Step 3: Wire the CI/CD Quality Gate With DeepEval

The goal of CI/CD evaluation integration is simple: fail the build when RAG quality drops below your thresholds before a PR gets merged. DeepEval integrates with pytest natively and is the strongest open-source option for this role. RAGAS is better for metric exploration.
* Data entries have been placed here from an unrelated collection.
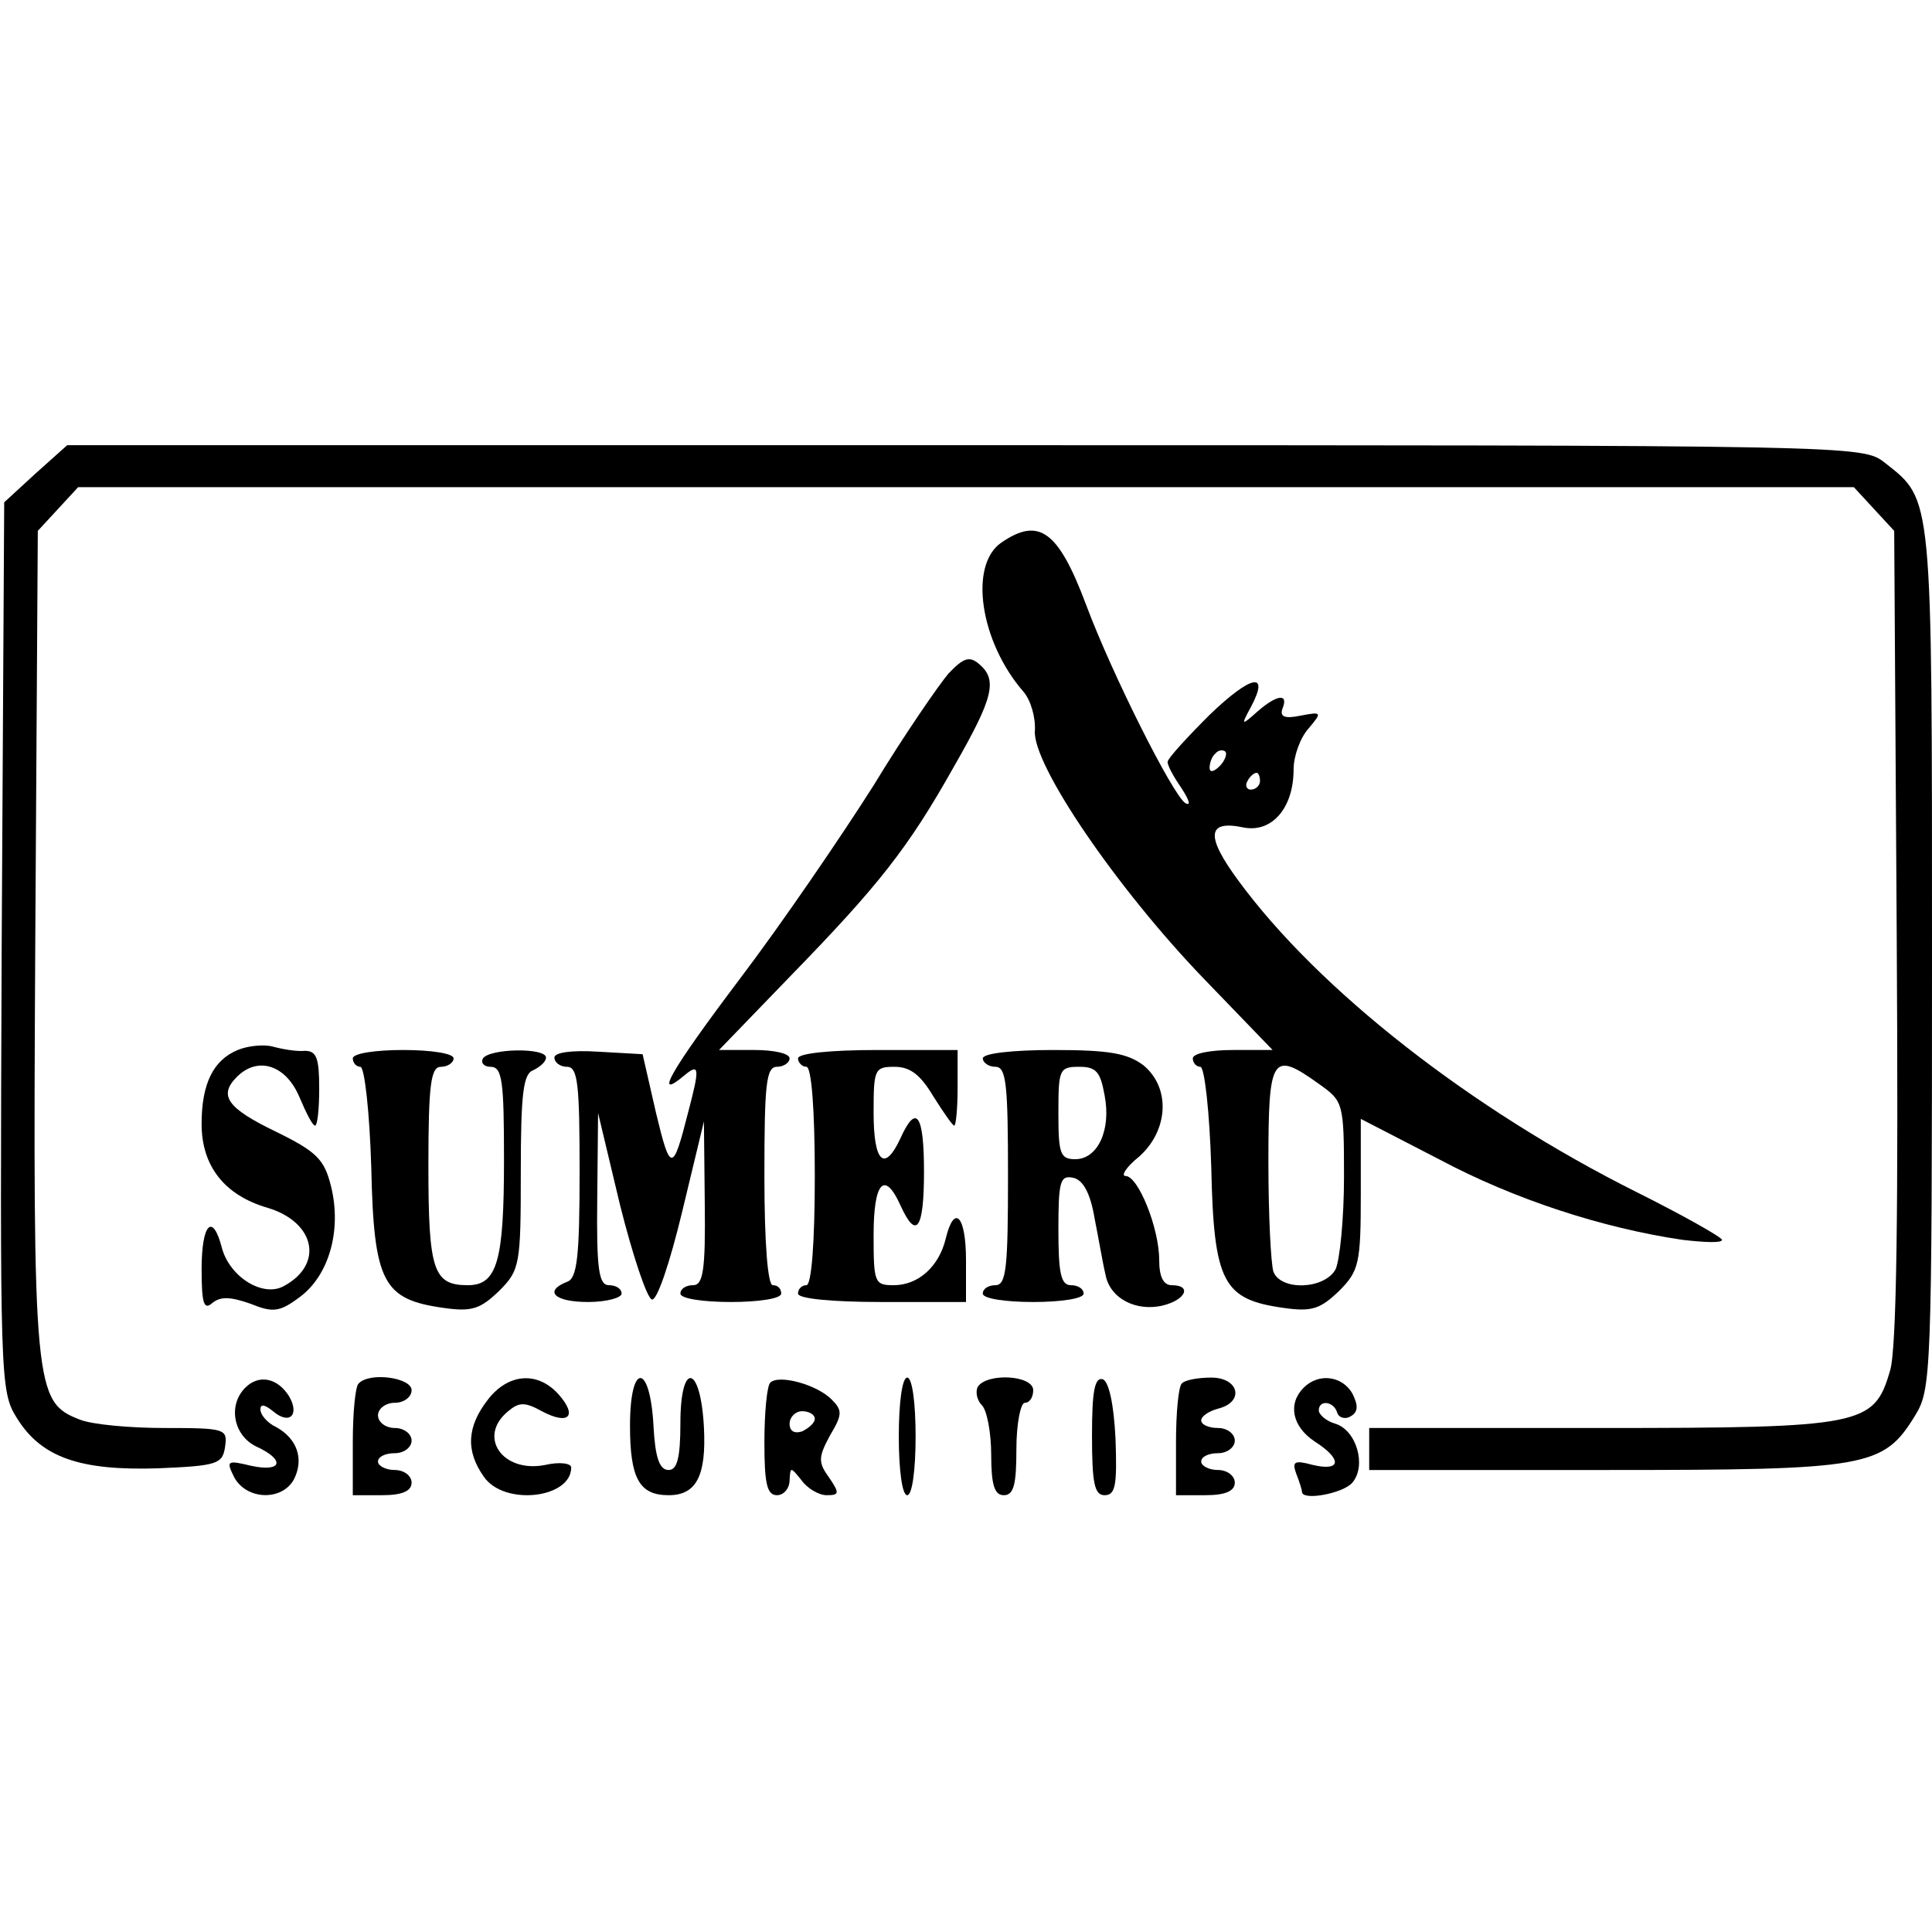 <?xml version="1.0" standalone="no"?>
<!DOCTYPE svg PUBLIC "-//W3C//DTD SVG 20010904//EN"
 "http://www.w3.org/TR/2001/REC-SVG-20010904/DTD/svg10.dtd">
<svg version="1.0" xmlns="http://www.w3.org/2000/svg"
 width="230pt" height="230pt" viewBox="0 0 230 230"
 preserveAspectRatio="xMidYMid meet">
<g transform="translate(0,230) scale(0.1,-0.1)"
fill="#000000" stroke="none">
<path d="M42 1736 l-37 -34 -3 -529 c-2 -516 -2 -529 18 -561 29 -47 75 -63
168 -60 71 3 77 5 80 26 3 21 0 22 -72 22 -41 0 -86 4 -101 10 -54 21 -56 35
-53 570 l3 488 24 26 24 26 1057 0 1057 0 24 -26 24 -26 3 -481 c2 -328 0
-494 -8 -519 -19 -65 -32 -68 -345 -68 l-275 0 0 -25 0 -25 281 0 c313 0 331
3 369 65 19 31 20 48 20 544 0 556 1 545 -56 590 -27 21 -27 21 -1095 21
l-1069 0 -38 -34z"/>
<path d="M1192 1654 c-39 -27 -25 -118 26 -177 9 -10 15 -31 14 -47 -3 -40 97
-187 201 -295 l82 -85 -47 0 c-27 0 -48 -4 -48 -10 0 -5 4 -10 9 -10 5 0 11
-54 13 -120 3 -137 14 -157 86 -167 34 -5 44 -1 66 20 24 24 26 33 26 116 l0
89 93 -48 c90 -48 195 -82 290 -96 26 -3 47 -4 47 0 0 3 -46 29 -102 57 -196
98 -378 240 -474 371 -39 53 -37 72 6 63 34 -7 60 23 60 69 0 16 8 38 18 49
16 19 16 20 -10 15 -19 -4 -25 -1 -21 9 7 18 -7 16 -30 -4 -19 -17 -20 -17 -8
5 23 43 1 39 -49 -9 -27 -27 -50 -52 -50 -56 0 -5 8 -19 17 -32 9 -14 11 -21
4 -17 -15 10 -87 153 -118 236 -33 88 -56 105 -101 74z m260 -266 c-7 -7 -12
-8 -12 -2 0 6 3 14 7 17 3 4 9 5 12 2 2 -3 -1 -11 -7 -17z m48 -18 c0 -5 -5
-10 -11 -10 -5 0 -7 5 -4 10 3 6 8 10 11 10 2 0 4 -4 4 -10z m71 -361 c28 -20
29 -22 29 -110 0 -50 -5 -99 -10 -110 -13 -24 -65 -26 -74 -3 -3 9 -6 67 -6
130 0 127 4 134 61 93z"/>
<path d="M1129 1498 c-11 -13 -52 -72 -89 -133 -38 -60 -109 -164 -159 -230
-83 -110 -104 -147 -66 -115 18 15 18 8 4 -45 -18 -71 -21 -71 -38 0 l-16 70
-53 3 c-32 2 -52 -1 -52 -7 0 -6 7 -11 15 -11 13 0 15 -21 15 -125 0 -102 -3
-127 -15 -131 -28 -11 -15 -24 25 -24 22 0 40 5 40 10 0 6 -7 10 -15 10 -12 0
-15 18 -14 103 l1 102 26 -109 c15 -60 32 -111 38 -113 6 -2 21 42 36 104 l26
108 1 -97 c1 -81 -2 -98 -14 -98 -8 0 -15 -4 -15 -10 0 -6 27 -10 60 -10 33 0
60 4 60 10 0 6 -4 10 -10 10 -6 0 -10 50 -10 130 0 109 2 130 15 130 8 0 15 5
15 10 0 6 -19 10 -42 10 l-42 0 85 88 c105 108 140 152 195 250 47 82 52 103
29 122 -11 9 -18 7 -36 -12z"/>
<path d="M283 1050 c-29 -12 -43 -40 -43 -88 0 -50 27 -85 79 -100 56 -17 67
-67 19 -93 -25 -14 -65 11 -74 46 -11 42 -24 28 -24 -26 0 -42 3 -49 13 -40
10 8 22 7 45 -1 27 -11 35 -10 59 8 35 26 50 80 37 132 -8 32 -17 41 -66 65
-58 28 -68 43 -46 65 25 25 58 14 74 -23 8 -19 16 -35 19 -35 3 0 5 20 5 44 0
36 -3 45 -17 45 -10 -1 -27 2 -38 5 -11 3 -30 1 -42 -4z"/>
<path d="M420 1040 c0 -5 4 -10 9 -10 5 0 11 -54 13 -120 3 -137 14 -157 86
-167 34 -5 44 -1 66 20 25 25 26 31 26 142 0 94 3 117 15 121 8 4 15 10 15 15
0 12 -67 11 -75 -1 -3 -5 1 -10 9 -10 14 0 16 -17 16 -111 0 -120 -8 -149 -43
-149 -41 0 -47 17 -47 142 0 98 3 118 15 118 8 0 15 5 15 10 0 6 -27 10 -60
10 -33 0 -60 -4 -60 -10z"/>
<path d="M950 1040 c0 -5 5 -10 10 -10 6 0 10 -50 10 -130 0 -80 -4 -130 -10
-130 -5 0 -10 -4 -10 -10 0 -6 40 -10 100 -10 l100 0 0 50 c0 53 -14 67 -24
26 -8 -34 -33 -56 -62 -56 -23 0 -24 3 -24 60 0 63 13 77 32 35 19 -42 28 -28
28 40 0 68 -9 82 -28 40 -19 -41 -32 -29 -32 30 0 52 1 55 25 55 19 0 31 -10
46 -35 12 -19 23 -35 25 -35 2 0 4 20 4 45 l0 45 -95 0 c-57 0 -95 -4 -95 -10z"/>
<path d="M1170 1040 c0 -5 7 -10 15 -10 13 0 15 -21 15 -130 0 -109 -2 -130
-15 -130 -8 0 -15 -4 -15 -10 0 -6 27 -10 60 -10 33 0 60 4 60 10 0 6 -7 10
-15 10 -12 0 -15 14 -15 66 0 57 2 65 17 62 12 -2 21 -18 26 -48 5 -25 10 -55
13 -67 5 -29 37 -45 69 -37 27 7 34 24 10 24 -10 0 -15 10 -15 30 0 38 -25
100 -40 100 -6 0 1 11 16 23 35 31 38 82 5 109 -19 14 -40 18 -107 18 -49 0
-84 -4 -84 -10z m145 -44 c8 -41 -8 -76 -35 -76 -18 0 -20 7 -20 55 0 52 1 55
25 55 20 0 25 -6 30 -34z"/>
<path d="M292 648 c-21 -21 -14 -57 13 -70 35 -16 31 -31 -6 -23 -29 7 -30 6
-20 -14 15 -27 57 -28 71 -2 12 24 4 48 -21 62 -11 5 -19 15 -19 21 0 7 5 6
15 -2 20 -17 32 -4 19 18 -14 22 -36 26 -52 10z"/>
<path d="M427 653 c-4 -3 -7 -35 -7 -70 l0 -63 35 0 c24 0 35 5 35 15 0 8 -9
15 -20 15 -11 0 -20 5 -20 10 0 6 9 10 20 10 11 0 20 7 20 15 0 8 -9 15 -20
15 -11 0 -20 7 -20 15 0 8 9 15 20 15 11 0 20 7 20 15 0 15 -50 22 -63 8z"/>
<path d="M581 634 c-25 -32 -27 -61 -5 -92 24 -35 104 -26 104 11 0 5 -14 7
-31 3 -51 -10 -81 34 -44 64 13 11 20 11 40 0 32 -17 43 -6 20 20 -25 28 -60
25 -84 -6z"/>
<path d="M750 603 c0 -63 11 -83 46 -83 33 0 45 23 42 81 -4 75 -28 79 -28 5
0 -42 -4 -56 -14 -56 -11 0 -16 15 -18 52 -4 76 -28 77 -28 1z"/>
<path d="M917 654 c-4 -4 -7 -36 -7 -71 0 -49 3 -63 15 -63 8 0 15 8 15 18 1
16 1 16 14 0 7 -10 21 -18 30 -18 15 0 16 2 3 21 -13 18 -13 24 1 50 15 25 15
30 2 43 -18 18 -63 30 -73 20z m53 -43 c0 -5 -7 -11 -15 -15 -9 -3 -15 0 -15
9 0 8 7 15 15 15 8 0 15 -4 15 -9z"/>
<path d="M1070 590 c0 -40 4 -70 10 -70 6 0 10 30 10 70 0 40 -4 70 -10 70 -6
0 -10 -30 -10 -70z"/>
<path d="M1164 649 c-3 -6 -1 -16 5 -22 6 -6 11 -33 11 -59 0 -36 4 -48 15
-48 12 0 15 13 15 55 0 30 5 55 10 55 6 0 10 7 10 15 0 18 -55 21 -66 4z"/>
<path d="M1300 591 c0 -57 3 -71 15 -71 13 0 15 12 13 67 -2 42 -8 68 -15 71
-10 3 -13 -15 -13 -67z"/>
<path d="M1407 653 c-4 -3 -7 -35 -7 -70 l0 -63 35 0 c24 0 35 5 35 15 0 8 -9
15 -20 15 -11 0 -20 5 -20 10 0 6 9 10 20 10 11 0 20 7 20 15 0 8 -9 15 -20
15 -11 0 -20 4 -20 9 0 5 9 11 20 14 32 8 25 37 -8 37 -16 0 -32 -3 -35 -7z"/>
<path d="M1552 648 c-19 -19 -14 -46 13 -64 33 -21 32 -36 -2 -28 -22 6 -25 4
-20 -10 4 -10 7 -20 7 -22 0 -11 49 -2 60 11 17 20 5 62 -20 70 -11 3 -20 11
-20 16 0 13 18 11 22 -3 2 -6 10 -8 16 -4 9 5 9 13 2 27 -12 21 -40 25 -58 7z"/>
</g>
</svg>

DeepEval is better for hard pass/fail gates with a testing-framework mindset.

The Test File

python

# tests/test_rag_regression.py
# This file runs on every PR that touches:
# - pipeline code
# - retrieval configuration
# - prompt templates
# - embedding model settings
# - chunking strategy

import pytest
from deepeval import assert_test
from deepeval.metrics import (
    FaithfulnessMetric,
    AnswerRelevancyMetric,
    ContextualPrecisionMetric,
    ContextualRecallMetric,
)
from deepeval.test_case import LLMTestCase
from golden_dataset import GOLDEN_DATASET
from your_rag_pipeline import run_rag

# Define hard thresholds -- any score below these fails the build
FAITHFULNESS_THRESHOLD      = 0.9
ANSWER_RELEVANCY_THRESHOLD  = 0.85
CONTEXT_PRECISION_THRESHOLD = 0.8
CONTEXT_RECALL_THRESHOLD    = 0.8

# Initialize metrics once -- each uses gpt-4o-mini as judge to keep cost low
faithfulness_metric       = FaithfulnessMetric(threshold=FAITHFULNESS_THRESHOLD, model="gpt-4o-mini")
answer_relevancy_metric   = AnswerRelevancyMetric(threshold=ANSWER_RELEVANCY_THRESHOLD, model="gpt-4o-mini")
context_precision_metric  = ContextualPrecisionMetric(threshold=CONTEXT_PRECISION_THRESHOLD, model="gpt-4o-mini")
context_recall_metric     = ContextualRecallMetric(threshold=CONTEXT_RECALL_THRESHOLD, model="gpt-4o-mini")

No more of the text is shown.